In the records below, find the line with "month: June" and repeat exactly every line from it through the line with "its share: 25 - 50 %". Pictures stay out.
--- DATASET RECORDS Enclosed Below ---
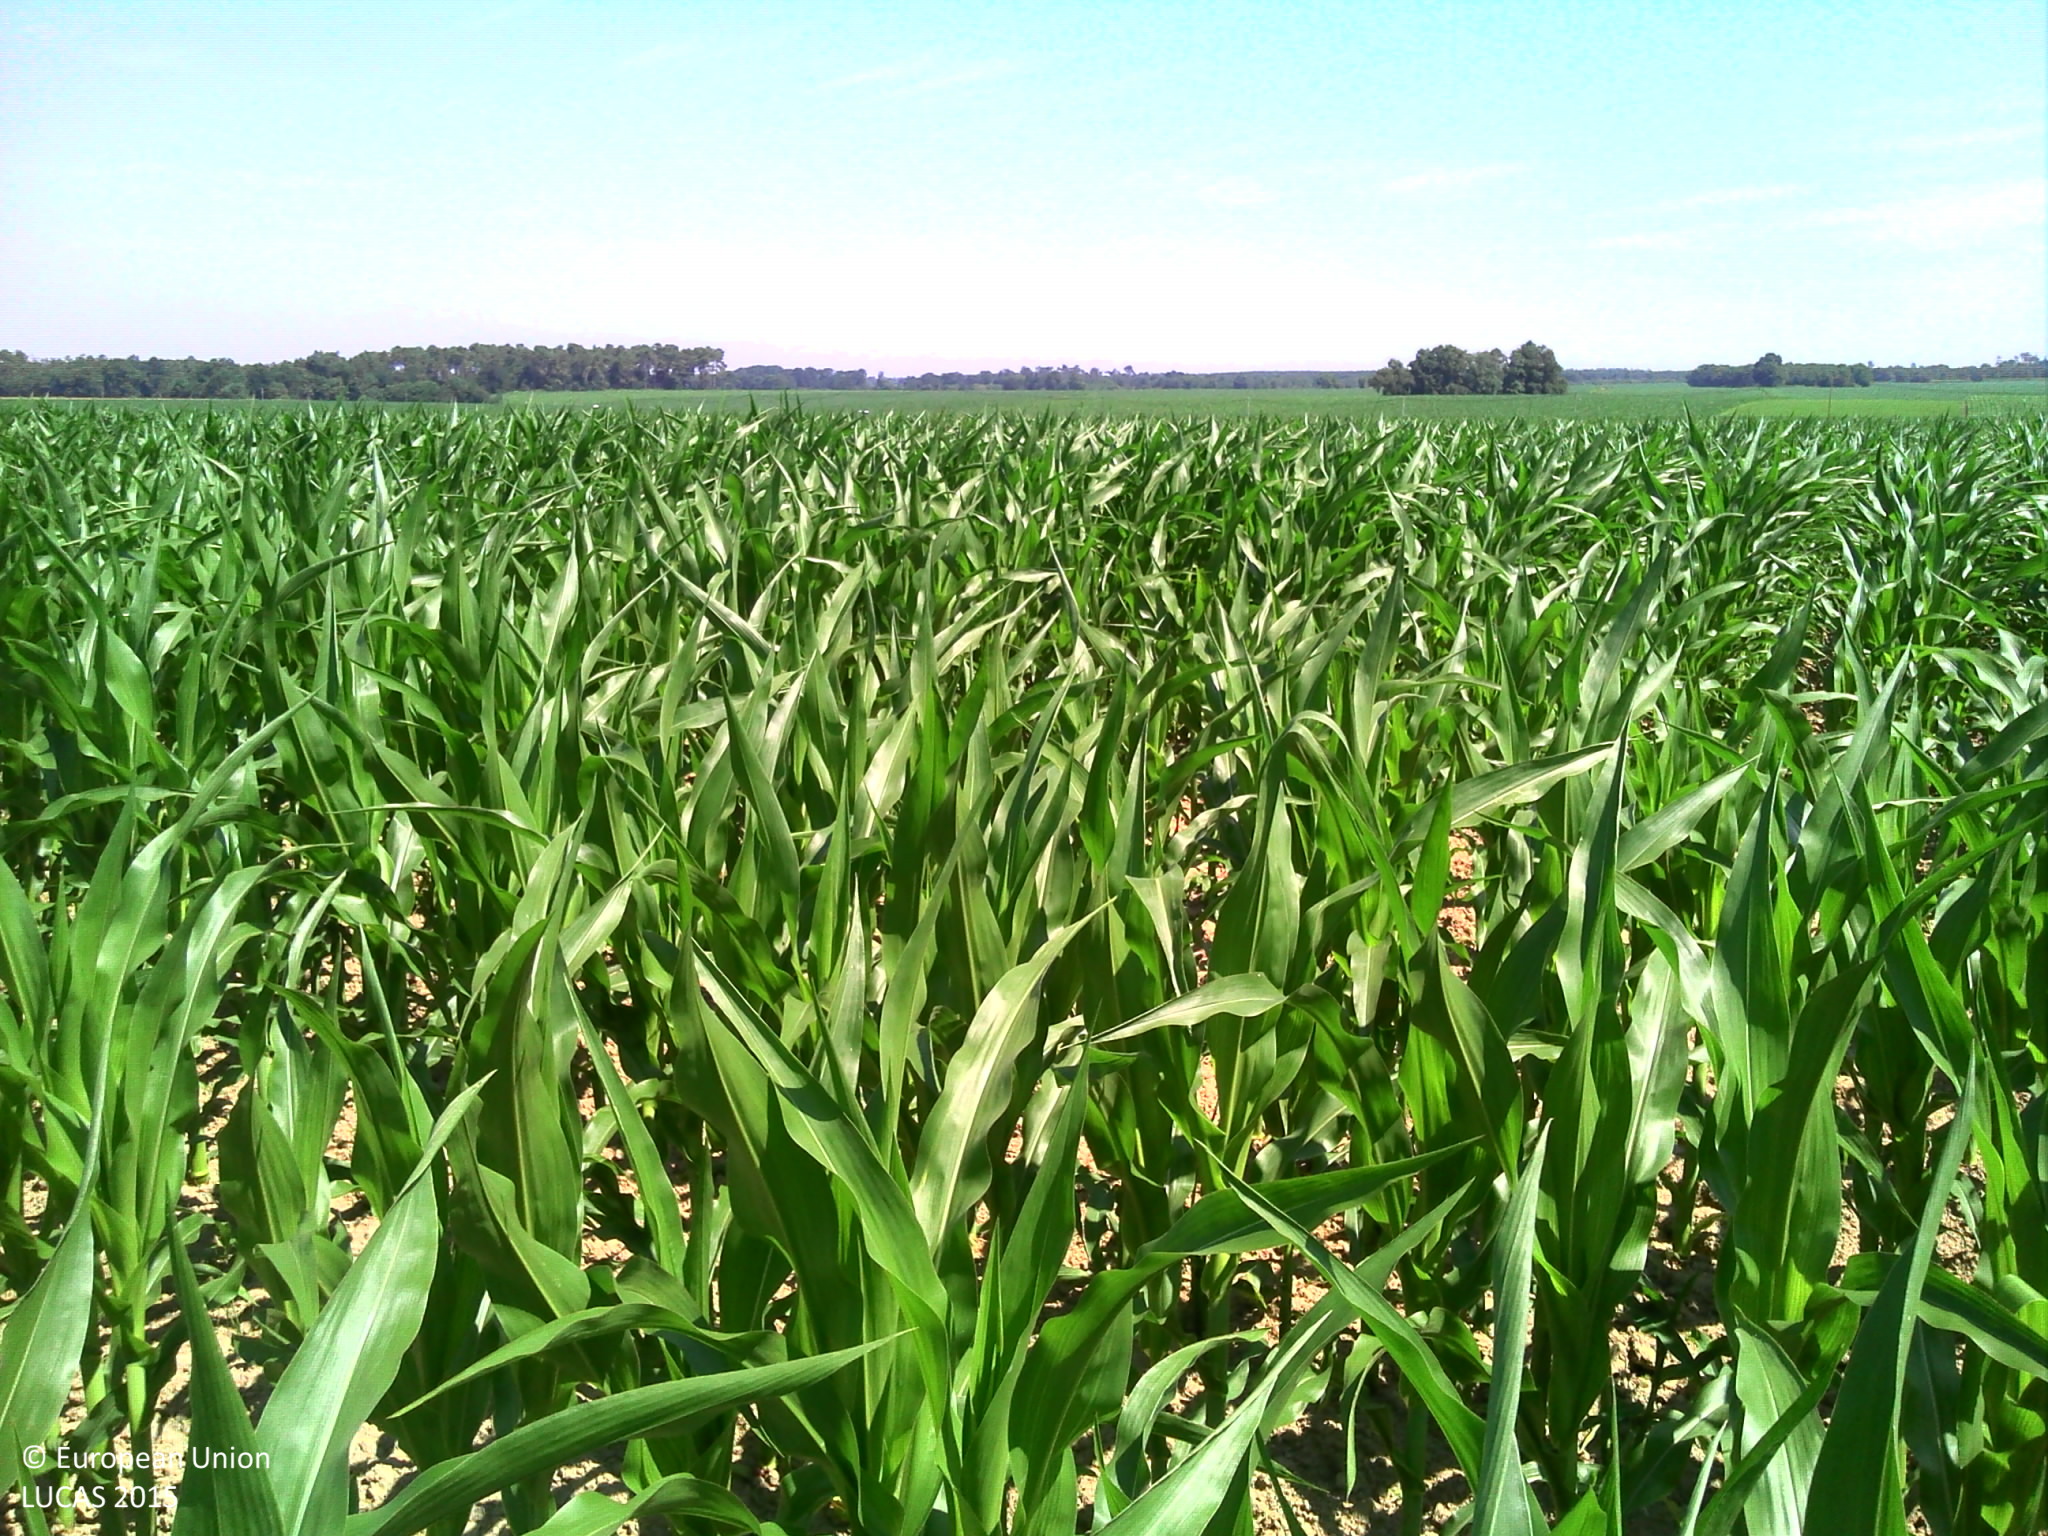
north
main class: Cropland
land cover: Maize
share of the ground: > 75 %
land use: Agriculture (excluding fallow land and kitchen gardens)
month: June
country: FR
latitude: 43.6108
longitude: -0.5545
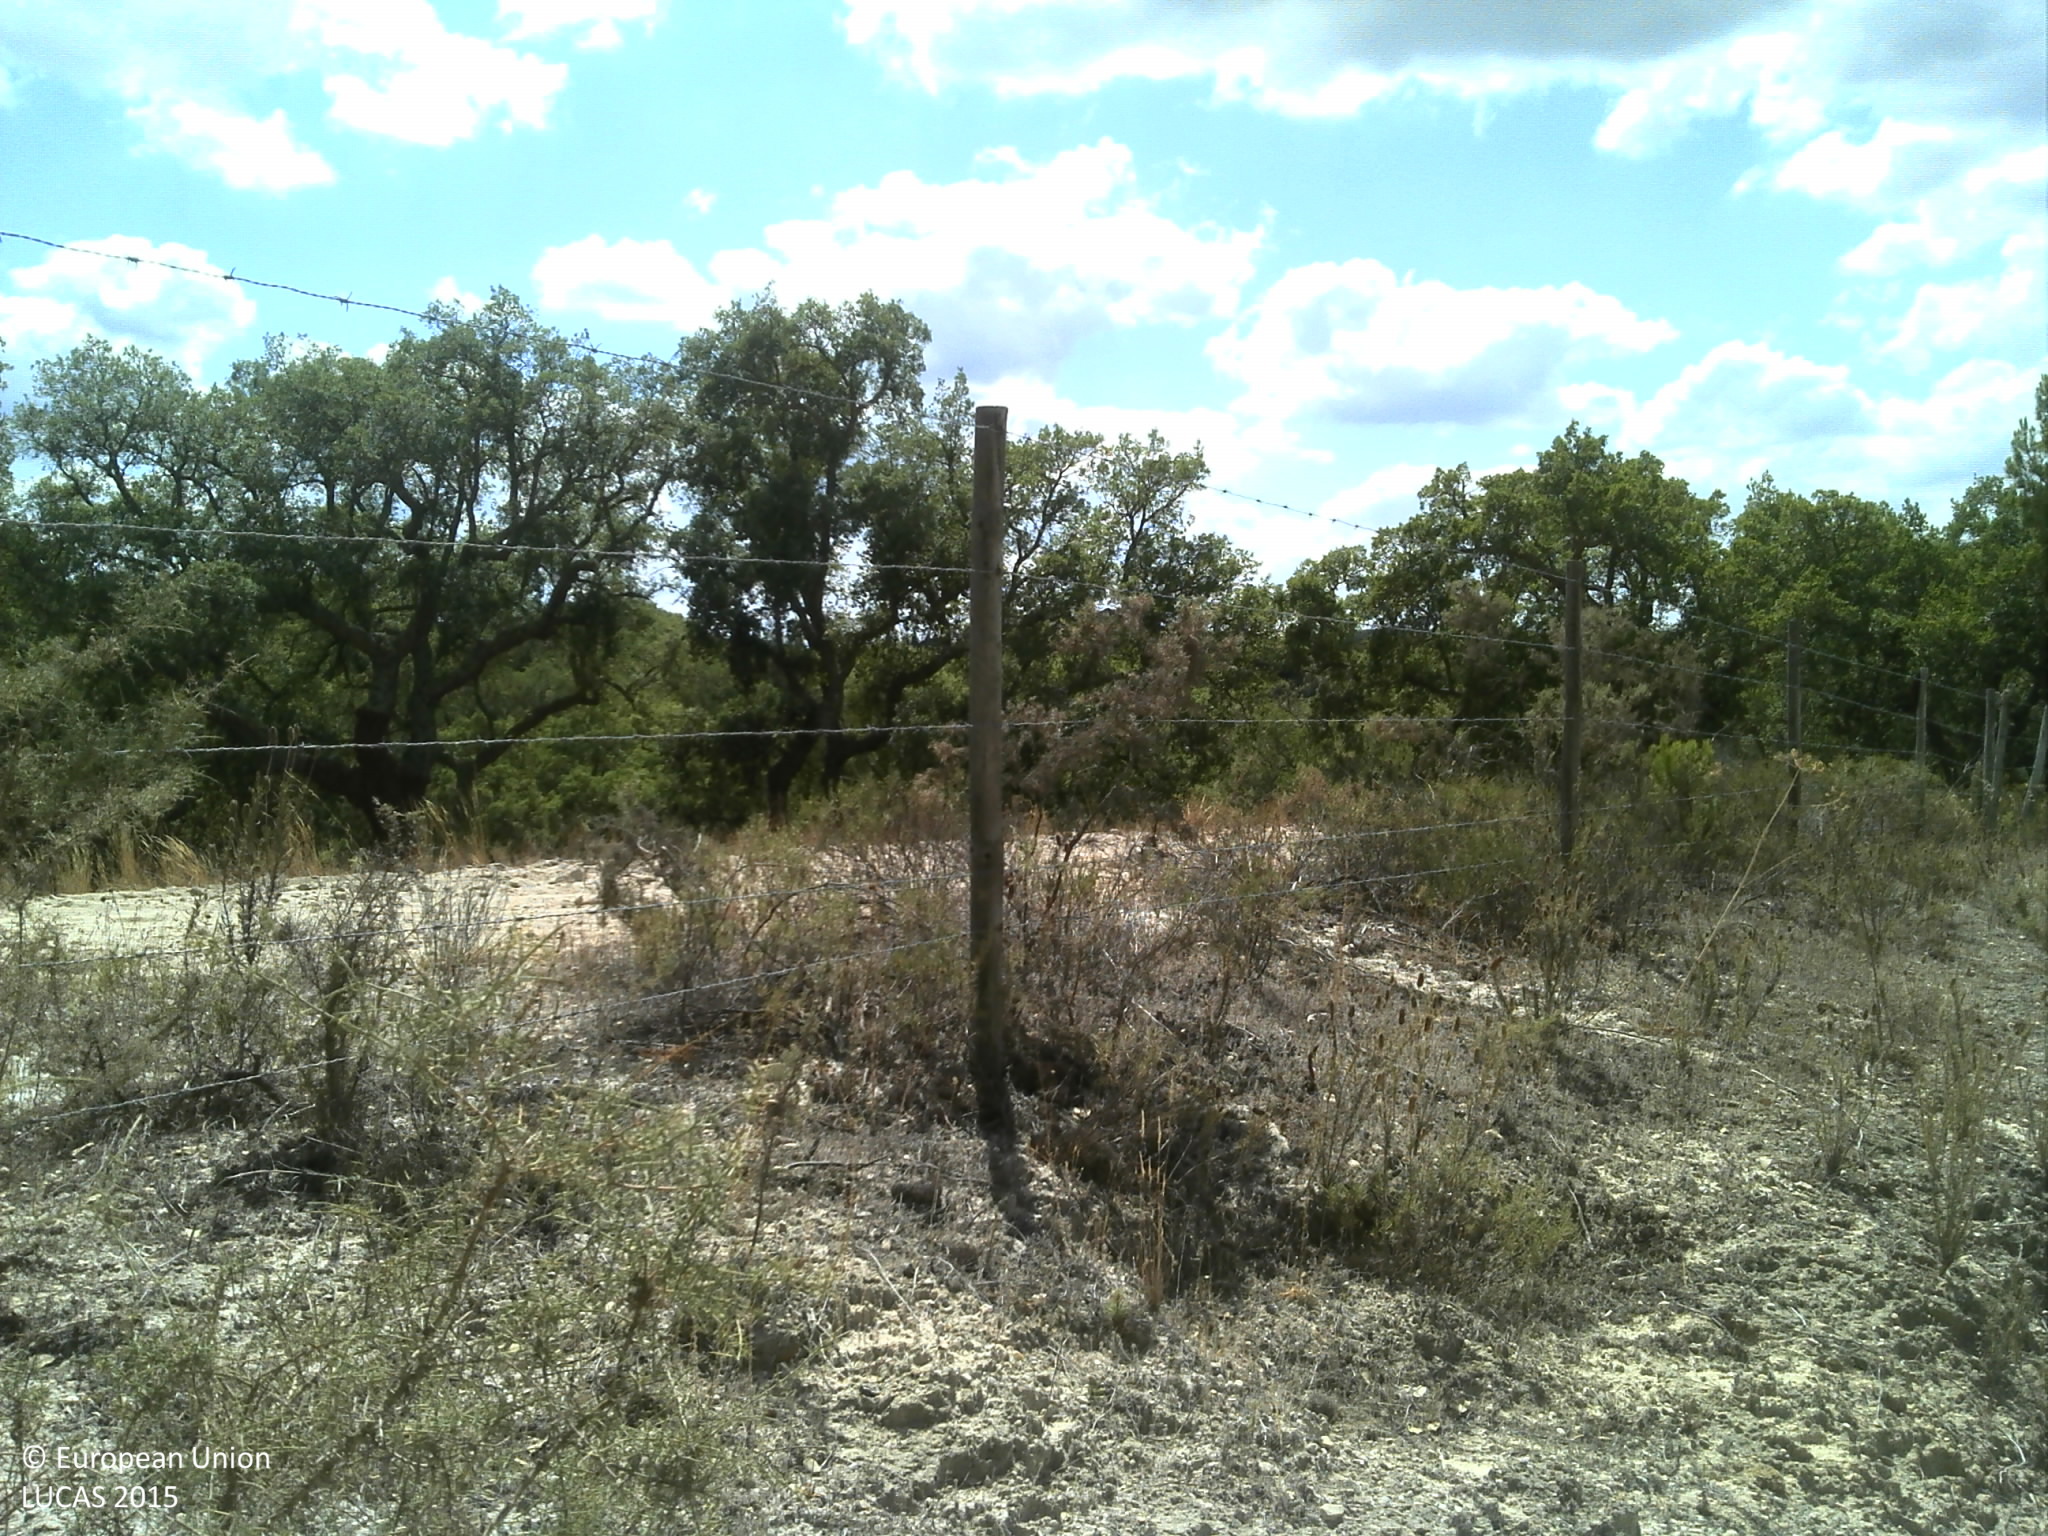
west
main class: Woodland
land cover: Broadleaved woodland
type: broadleaved evergreen forest
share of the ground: 50 - 75 %
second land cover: Grassland without tree/shrub cover
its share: 25 - 50 %
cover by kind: broadleaved forest trees 50 %, herbaceous plants 25 %, unconsolidated bare surface 25 %
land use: Forestry
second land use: Agriculture (excluding fallow land and kitchen gardens)
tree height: > 5 m
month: July
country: PT
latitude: 38.9678
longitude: -8.2330
--- End of Enclosed DATASET RECORDS ---
■ **EXERCISE RESULT**
month: June
country: FR
latitude: 43.6108
longitude: -0.5545
west
main class: Woodland
land cover: Broadleaved woodland
type: broadleaved evergreen forest
share of the ground: 50 - 75 %
second land cover: Grassland without tree/shrub cover
its share: 25 - 50 %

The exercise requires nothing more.